Berating kings and potentates for being unmoved by Jerusalem’s plight, he lamented that Christianity’s “holy places” were being “trampled on” and “mangled with impunity by the Egyptian dog,” and mourned that “impious feet” were “insulting the sanctuary of Jesus Christ.” Overlooking the fact that this was patently untrue—the Mamluks being tolerant of Christians and respectful of Christian sites, many of which they themselves venerated—Petrarch urged all Europe to rise up in a mighty campaign to wipe out the “stain” of Islam from the Holy Land. It was a dream later shared and elaborated by Petrarch’s great admirer
Coluccio Salutati. Extending his gaze to encompass the Ottomans as well as the Mamluks, Salutati agitated for an even more ambitious crusade headed by both pope and emperor. As the Ottomans advanced steadily throughout Anatolia and around the Sea of Marmara, he came to believe that the Holy Land should be recovered as a matter of extreme urgency, and that the Christian nations of the world should unite in exterminating the Muslim threat before it reached any further.
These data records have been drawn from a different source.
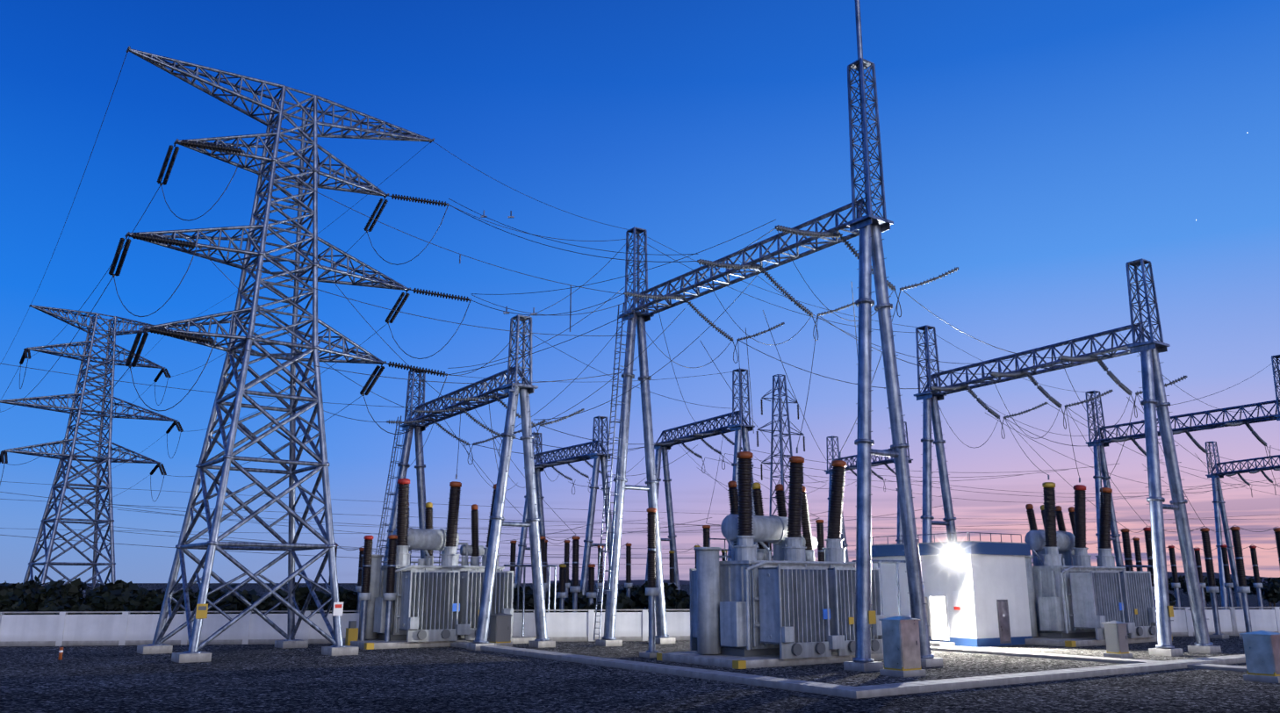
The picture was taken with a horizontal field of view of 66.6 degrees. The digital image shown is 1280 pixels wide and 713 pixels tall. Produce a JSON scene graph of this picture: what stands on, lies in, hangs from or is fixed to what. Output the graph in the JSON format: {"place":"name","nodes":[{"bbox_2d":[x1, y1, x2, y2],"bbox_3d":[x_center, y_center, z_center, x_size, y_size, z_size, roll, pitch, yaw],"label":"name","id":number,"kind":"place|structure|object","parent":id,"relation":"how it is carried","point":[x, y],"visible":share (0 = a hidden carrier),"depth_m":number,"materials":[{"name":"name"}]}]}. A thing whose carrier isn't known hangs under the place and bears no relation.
{"place":"outdoors","nodes":[
{"label":"outdoors","id":0,"kind":"place"},
{"bbox_2d":[0,582,1279,712],"bbox_3d":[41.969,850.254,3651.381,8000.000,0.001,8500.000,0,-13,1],"label":"ground","id":1,"kind":"structure","parent":0,"point":[311,678],"depth_m":31.09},
{"bbox_2d":[0,304,183,596],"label":"pylon","id":2,"kind":"object","parent":1,"relation":"on","point":[99,460],"visible":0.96,"depth_m":89.91,"materials":[{"name":"metal"}]},
{"bbox_2d":[57,620,358,659],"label":"markers","id":3,"kind":"object","parent":1,"relation":"on","point":[352,632],"visible":0.96,"depth_m":49.53,"materials":[{"name":"brown"}]},
{"bbox_2d":[108,46,471,662],"bbox_3d":[-17.440,0.107,48.163,17.302,27.874,7.560,10,-16,-37],"label":"pylon","id":4,"kind":"object","parent":1,"relation":"on","point":[230,456],"visible":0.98,"depth_m":47.51,"materials":[{"name":"metal"}]},
{"bbox_2d":[197,151,636,383],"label":"power lines","id":5,"kind":"object","parent":4,"relation":"attached to","point":[422,316],"visible":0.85,"depth_m":48.80,"materials":[{"name":"grey metal"}]},
{"bbox_2d":[1,205,1265,501],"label":"conductors","id":6,"kind":"object","parent":4,"relation":"attached to","point":[667,348],"visible":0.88,"depth_m":54.15,"materials":[{"name":"grey metal"}]},
{"bbox_2d":[342,470,557,649],"bbox_3d":[-10.142,11.033,53.403,11.052,8.955,6.055,9,-16,-33],"label":"transformer","id":7,"kind":"object","parent":1,"relation":"on","point":[435,606],"visible":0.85,"depth_m":50.88,"materials":[{"name":"metal"}]},
{"bbox_2d":[375,314,584,650],"bbox_3d":[-9.842,7.744,56.980,7.555,16.980,16.771,8,-15,-32],"label":"gantry","id":8,"kind":"object","parent":1,"relation":"on","point":[533,520],"visible":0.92,"depth_m":51.21,"materials":[{"name":"metal"}]},
{"bbox_2d":[463,209,1279,502],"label":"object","id":9,"kind":"object","parent":8,"relation":"on","point":[809,429],"visible":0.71,"depth_m":63.02,"materials":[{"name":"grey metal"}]},
{"bbox_2d":[489,612,512,647],"bbox_3d":[-7.098,13.908,49.658,1.000,1.660,0.900,9,-16,-33],"label":"cabinet","id":10,"kind":"object","parent":1,"relation":"on","point":[500,629],"visible":0.94,"depth_m":49.37,"materials":[{"name":"metal"}]},
{"bbox_2d":[514,416,618,597],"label":"gantry","id":11,"kind":"object","parent":1,"relation":"on","point":[593,486],"visible":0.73,"depth_m":79.40,"materials":[{"name":"metal"}]},
{"bbox_2d":[0,606,1279,646],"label":"perimeter wall","id":12,"kind":"structure","parent":1,"relation":"on","point":[65,629],"depth_m":51.73,"materials":[{"name":"paint"}]},
{"bbox_2d":[0,575,1279,614],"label":"trees","id":13,"kind":"object","parent":1,"relation":"on","point":[58,595],"visible":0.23,"depth_m":65.50,"materials":[{"name":"green plant"}]},
{"bbox_2d":[644,368,758,609],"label":"gantry","id":14,"kind":"object","parent":1,"relation":"on","point":[663,448],"visible":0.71,"depth_m":76.78,"materials":[{"name":"metal"}]},
{"bbox_2d":[593,0,958,671],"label":"gantry","id":15,"kind":"object","parent":1,"relation":"on","point":[871,226],"visible":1,"depth_m":42.08,"materials":[{"name":"metal"}]},
{"bbox_2d":[0,52,1279,568],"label":"wires","id":16,"kind":"object","parent":15,"relation":"attached to","point":[1134,409],"visible":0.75,"depth_m":59.67,"materials":[{"name":"grey metal"}]},
{"bbox_2d":[447,198,1279,495],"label":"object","id":17,"kind":"object","parent":16,"relation":"attached to","point":[681,258],"visible":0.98,"depth_m":49.68,"materials":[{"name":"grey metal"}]},
{"bbox_2d":[755,373,805,556],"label":"lattice tower","id":18,"kind":"structure","parent":1,"relation":"on","point":[780,434],"depth_m":75.34,"materials":[{"name":"metal"}]},
{"bbox_2d":[656,442,912,668],"bbox_3d":[6.826,8.559,42.736,11.052,8.955,6.055,9,-16,-33],"label":"transformer","id":19,"kind":"object","parent":1,"relation":"on","point":[793,602],"visible":1,"depth_m":40.10,"materials":[{"name":"metal"}]},
{"bbox_2d":[326,507,1279,657],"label":"post equipment","id":20,"kind":"object","parent":1,"relation":"on","point":[651,589],"visible":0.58,"depth_m":58.28,"materials":[{"name":"ceramic"}]},
{"bbox_2d":[449,641,1247,698],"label":"path kerbs","id":21,"kind":"structure","parent":1,"relation":"on","point":[1131,665],"depth_m":33.95,"materials":[{"name":"concrete"}]},
{"bbox_2d":[824,421,918,561],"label":"gantry","id":22,"kind":"object","parent":1,"relation":"on","point":[876,463],"visible":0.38,"depth_m":98.75,"materials":[{"name":"metal"}]},
{"bbox_2d":[878,616,926,676],"bbox_3d":[9.211,10.184,34.375,1.150,2.010,1.050,9,-16,-33],"label":"cabinet","id":23,"kind":"object","parent":1,"relation":"on","point":[902,655],"visible":1,"depth_m":34.04,"materials":[{"name":"metal"}]},
{"bbox_2d":[870,532,1032,647],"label":"control building","id":24,"kind":"structure","parent":1,"relation":"on","point":[975,593],"depth_m":51.20,"materials":[{"name":"white"}]},
{"bbox_2d":[944,547,959,561],"bbox_3d":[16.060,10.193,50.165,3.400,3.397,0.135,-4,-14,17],"label":"floodlight","id":25,"kind":"object","parent":24,"relation":"attached to","point":[952,554],"visible":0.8,"depth_m":50.16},
{"bbox_2d":[913,258,1221,656],"bbox_3d":[22.233,5.969,53.313,8.397,18.780,16.037,7,-15,-28],"label":"gantry","id":26,"kind":"object","parent":1,"relation":"on","point":[1153,387],"visible":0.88,"depth_m":48.02,"materials":[{"name":"metal"}]},
{"bbox_2d":[1024,474,1172,647],"bbox_3d":[24.911,11.470,55.289,11.052,8.955,6.055,9,-16,-33],"label":"transformer","id":27,"kind":"object","parent":1,"relation":"on","point":[1076,599],"visible":0.96,"depth_m":52.75,"materials":[{"name":"metal"}]},
{"bbox_2d":[1101,620,1133,658],"bbox_3d":[20.598,12.221,42.163,0.900,1.560,0.800,9,-16,-33],"label":"cabinet","id":28,"kind":"object","parent":1,"relation":"on","point":[1116,638],"visible":0.98,"depth_m":41.92,"materials":[{"name":"metal"}]},
{"bbox_2d":[1085,354,1279,570],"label":"gantry","id":29,"kind":"object","parent":1,"relation":"on","point":[1115,535],"visible":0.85,"depth_m":78.31,"materials":[{"name":"metal"}]},
{"bbox_2d":[1204,440,1279,609],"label":"gantry","id":30,"kind":"object","parent":1,"relation":"on","point":[1218,502],"visible":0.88,"depth_m":103.44,"materials":[{"name":"metal"}]},
{"bbox_2d":[1239,630,1279,683],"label":"cabinet","id":31,"kind":"object","parent":1,"relation":"on","point":[1262,649],"visible":1,"depth_m":32.05,"materials":[{"name":"metal"}]},
{"bbox_2d":[0,0,1279,582],"label":"sky","id":32,"kind":"structure","parent":0,"point":[1037,150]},
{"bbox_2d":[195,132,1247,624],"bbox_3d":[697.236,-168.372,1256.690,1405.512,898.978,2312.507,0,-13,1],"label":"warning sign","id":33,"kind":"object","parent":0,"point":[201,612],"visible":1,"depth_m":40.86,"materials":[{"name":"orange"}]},
{"bbox_2d":[550,571,1272,584],"bbox_3d":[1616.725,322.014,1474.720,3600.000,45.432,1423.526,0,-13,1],"label":"distant ridge","id":34,"kind":"structure","parent":0,"point":[687,582],"depth_m":1854.97,"materials":[{"name":"blue"}]}
]}

Unless something were done, he warned, the “vile” enemies of the cross would soon threaten Italy itself.

Salutati was ahead of the curve. The Muslims were indeed on the march. The Ottoman advance through Anatolia, the Near East, and the Balkans soon brought the humanistic hatred of Islam into sharp focus. For the first time since the early Middle Ages, a powerful Islamic state seemed to threaten the territorial integrity of Western Christendom, and the risk of Europe being conquered by the Muslims appeared to be a very real possibility. The Council of Florence in 1439—memorialized by Gozzoli’s
Journey of the Magi to Bethlehem
—had been a last-ditch attempt to reconcile the Eastern and Western Churches in the hope of providing
a united Christian front to meet the Turkish onslaught. But the fall of Constantinople in 1453 illustrated the magnitude of the threat and the futility of such theological quibbling. The capital of Rome’s first Christian emperor had been lost to the infidel after more than a thousand years. As the last vestiges of the Roman Empire tumbled to the ground, shock waves swept throughout Italy. Action, the humanists felt, was needed. Now. The earlier desire to avenge the inglorious failure of the crusading movement metamorphosed into a broader longing to crush the Ottoman Empire by whatever means necessary, or Italy might be next.

Almost immediately after his coronation in 1455, Callixtus III began “to prepare himself to support Christendom, which, it was seen, was about to be oppressed by the Turks.” To this end, preachers such as Fra
Giovanni da Napoli,
Michele Carcano, Fra
Roberto Caracciolo da Lecce, and San
Bernardino of Siena were sent throughout Italy “
to persuade princes and peoples to arm themselves on behalf of their religion and to support an undertaking against the common enemy with their money and their persons.”
Although this ultimately came to nothing, the baton was taken up with greater fervor by Callixtus’s successor, Pius II. Claiming that Mehmed the Conqueror aspired “
to rule all of Europe” and “to stamp out the holy gospel and sacred law of Christ,” Pius sought to unite all of Christendom for the sacred task of conquering the Turks, and it was for the sole purpose of announcing the war that a diet was convened in
Mantua in 1459. Reminding the princes present that “
once the Hungarians were conquered, the Germans, Italians, and indeed all Europe would be subdued, a calamity that must bring with it the destruction of [the Christian] faith,” Pius did his best to impress upon them the urgent religious need for an immediate campaign against the Ottoman Turks.